Première partie
La genèse de l’imitation

Comme l’a établi M. P. Guillaume en un livre qui a renouvelé la question, l’imitation ne repose pas sur une technique instinctive ou héréditaire : l’enfant apprend à imiter et cette acquisition soulève, au même titre que les autres, tous les problèmes relatifs à la construction sensori-motrice et mentale. Cette conclusion resterait vraie même si la tendance à imiter comportait une composante transmise par hérédité, car, autre chose est une tendance et autre chose est la technique qui lui permet de se déployer.

Nous irons même plus loin et en viendrons à considérer l’imitation préverbale de l’enfant comme l’une des manifestations de son intelligence. À suivre pas à pas la formation de l’imitation durant les deux premières années, on est frappé, en effet, par l’activité proprement dite qu’elle manifeste : elle n’a rien, durant cette période, d’« automatique » ou d’« involontaire » (dans le sens de non intentionnel) mais témoigne très vite de coordinations intelligentes tant dans l’apprentissage des moyens qu’elle emploie que dans ses buts eux-mêmes. Bien plus, il existe, verrons-nous, une connexion étroite entre les stades de l’imitation et les six stades que nous avons distingués jadis dans le développement de l’intelligence sensori-motrice 6 au point que nous nous servirons de ce même cadre pour décrire les faits dont l’analyse va suivre.

Or, si tel est le cas, on peut d’emblée concevoir l’interprétation que voici. L’intelligence sensori-motrice nous est apparue comme le déploiement d’une activité assimilatrice tendant à incorporer les objets extérieurs à ses schèmes tout en accommodant ceux-ci à ceux-là. Dans la mesure où est recherché un équilibre stable entre l’assimilation et l’accommodation, on peut donc parler d’adaptation proprement intelligente. Mais dans la mesure où les objets extérieurs modifient les schèmes d’action du sujet sans que celui-ci utilise directement ces objets en retour, autrement dit dans la mesure où l’accommodation l’emporte sur l’assimilation, l’activité s’engage dans la direction de l’imitation : celle-ci constituerait ainsi le simple prolongement des mouvements d’accommodation et on comprendrait sa parenté étroite avec l’acte d’intelligence dont elle ne constituerait donc qu’un aspect différencié ou qu’une partie momentanément détachée. Inversement, nous verrons ensuite que quand l’assimilation l’emporte sur l’accommodation, l’activité du sujet s’oriente par cela même dans le sens du jeu, que tous les intermédiaires relient à l’adaptation intelligente et qui constitue de la sorte la réciproque de l’imitation.

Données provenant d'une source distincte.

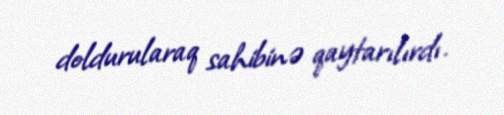
doldurularaq sahibinə qaytarılırdı.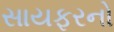
સાયફરનો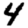
Digit: 4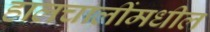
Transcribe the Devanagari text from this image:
हालचालींमधील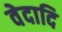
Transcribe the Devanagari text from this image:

Enfin, on comprend dès l’abord en quoi le problème de l’imitation introduit à celui de la représentation : dans la mesure où celle-ci constitue une image de l’objet (ce qu’elle est certainement, sans n’être que cela), elle est alors à concevoir comme une sorte d’imitation intériorisée, c’est-à-dire comme un prolongement de l’accommodation. Quant au symbolisme de l’imagination, il n’est aucune difficulté à saisir comment il s’appuie sur celui du jeu. Il est donc nécessaire de suivre pas à pas les progrès de l’imitation, puis ensuite ceux du jeu, pour atteindre au moment venu les mécanismes formateurs de la représentation symbolique.